--- Data for the task Enclosed Below ---

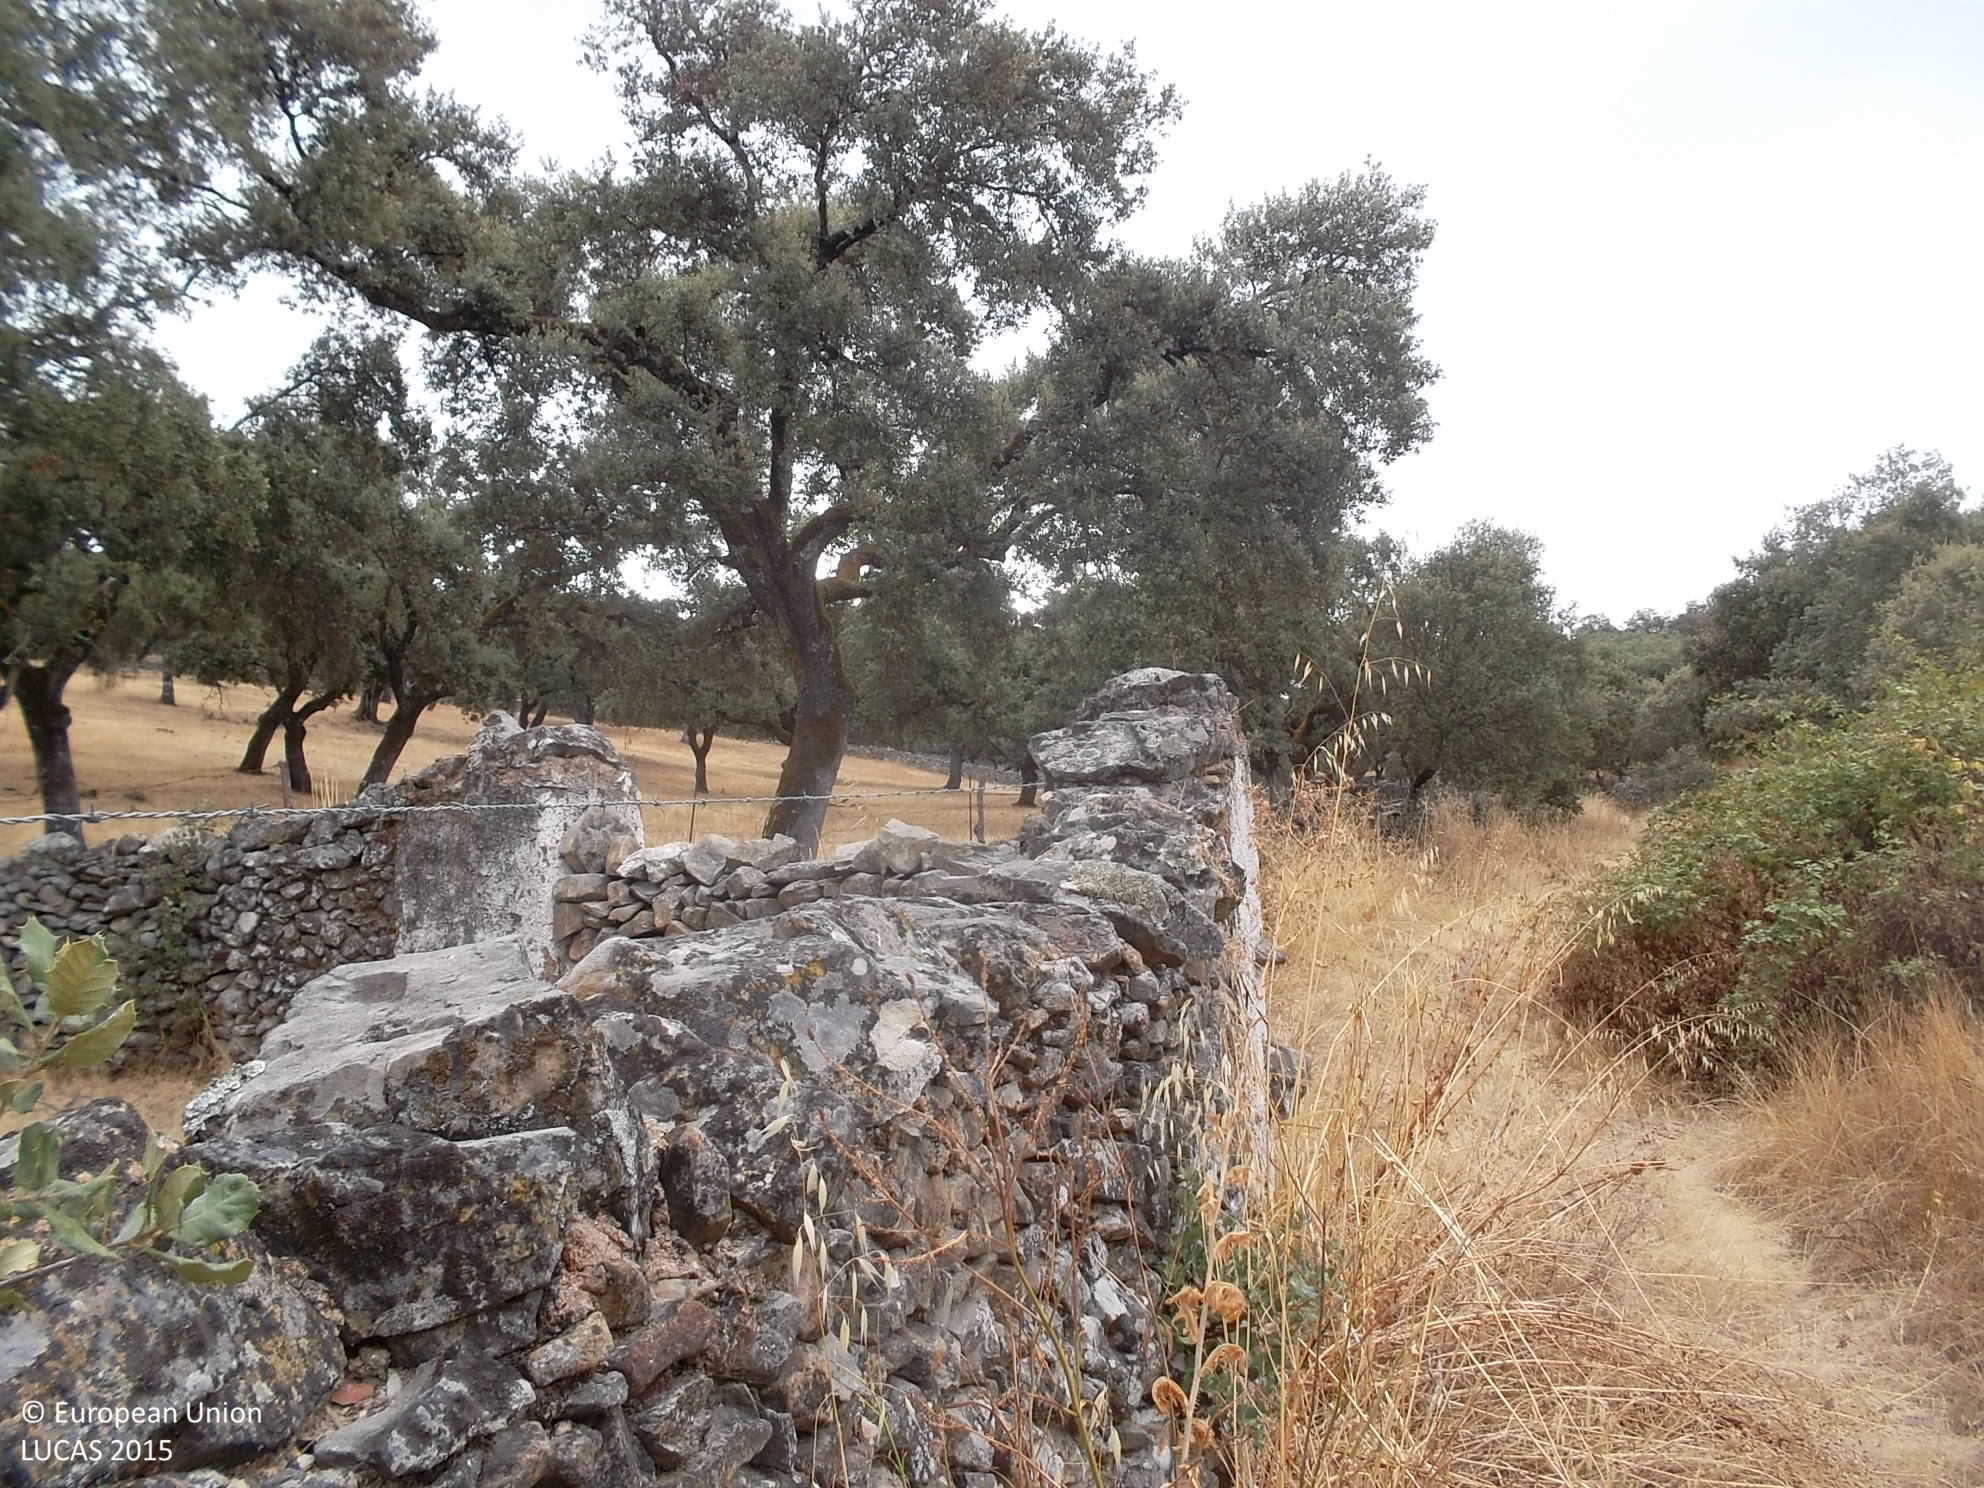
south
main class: Woodland
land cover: Broadleaved woodland
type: broadleaved evergreen forest
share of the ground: 50 - 75 %
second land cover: Grassland without tree/shrub cover
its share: > 75 %
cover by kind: broadleaved forest trees 50 %, herbaceous plants 50 %
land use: Forestry
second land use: Agriculture (excluding fallow land and kitchen gardens)
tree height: > 5 m
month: September
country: ES
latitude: 38.0877
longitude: -6.5912
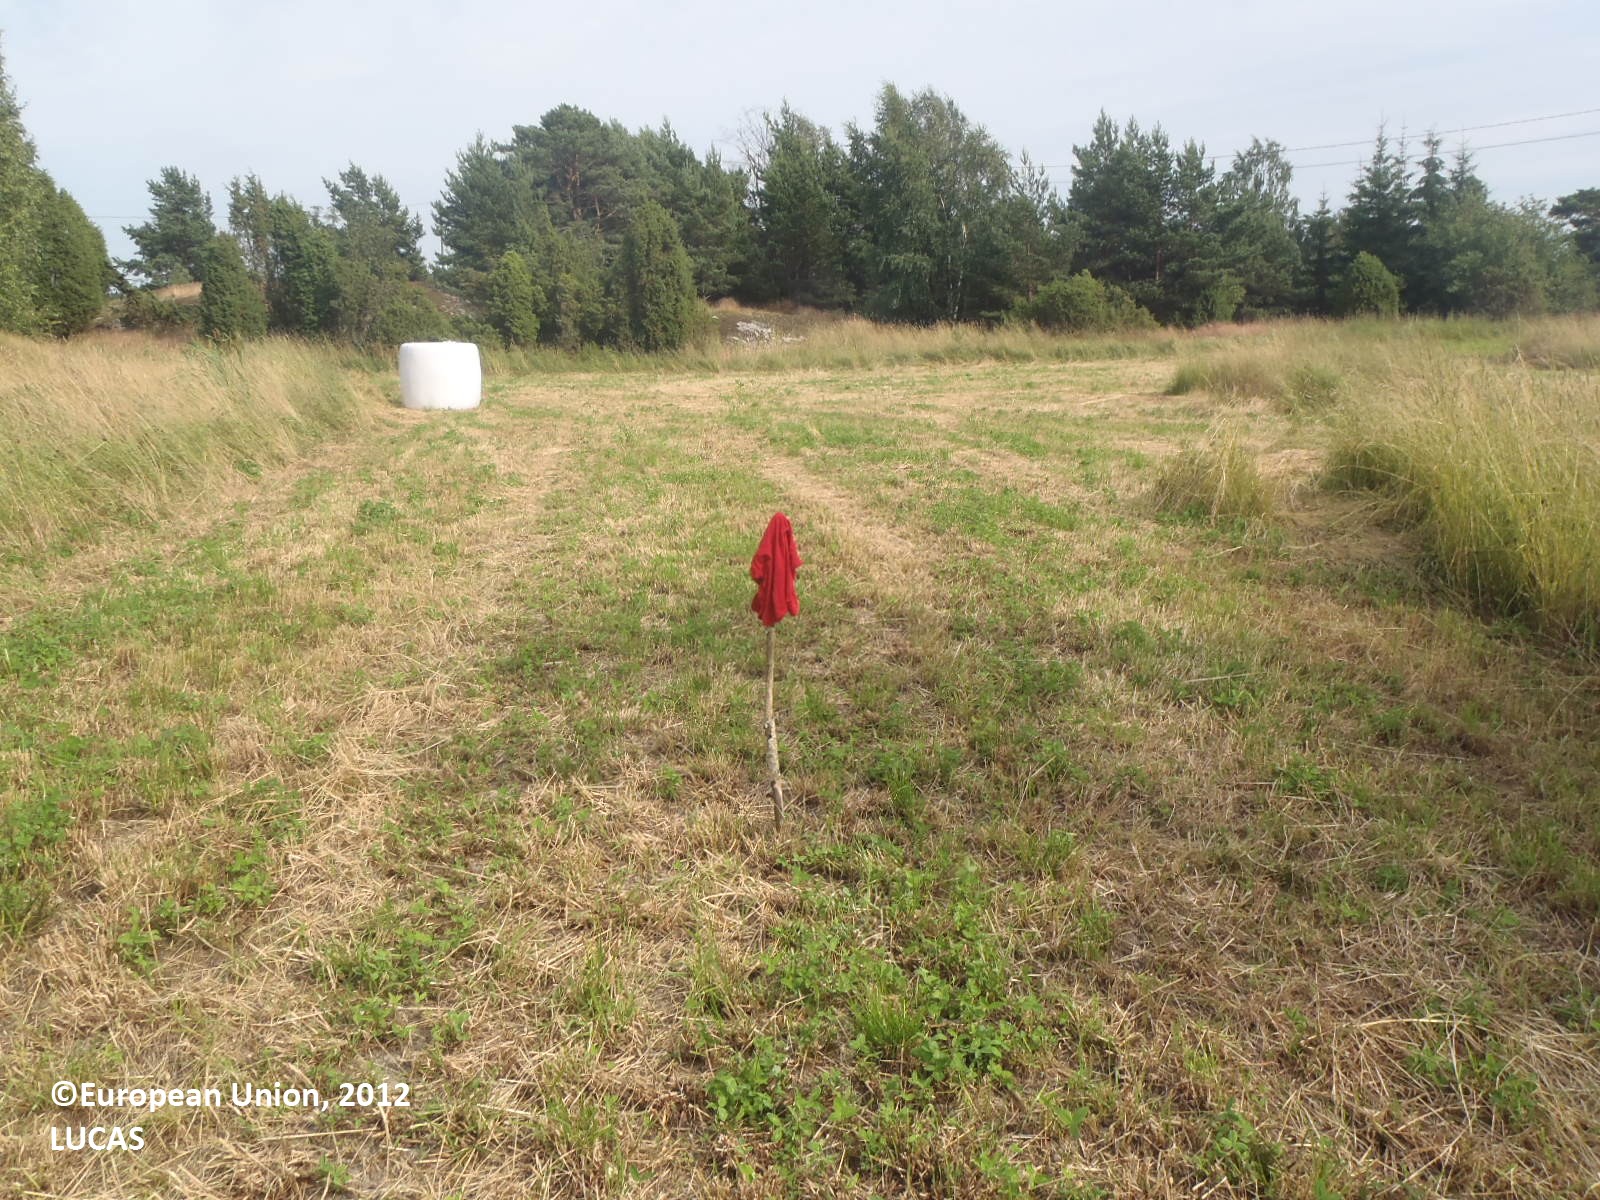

--- End of Enclosed Data for the task ---

**Exercise:** Restate the records above word for word, without the pictures.

**Finished task:**
south
main class: Woodland
land cover: Broadleaved woodland
type: broadleaved evergreen forest
share of the ground: 50 - 75 %
second land cover: Grassland without tree/shrub cover
its share: > 75 %
cover by kind: broadleaved forest trees 50 %, herbaceous plants 50 %
land use: Forestry
second land use: Agriculture (excluding fallow land and kitchen gardens)
tree height: > 5 m
month: September
country: ES
latitude: 38.0877
longitude: -6.5912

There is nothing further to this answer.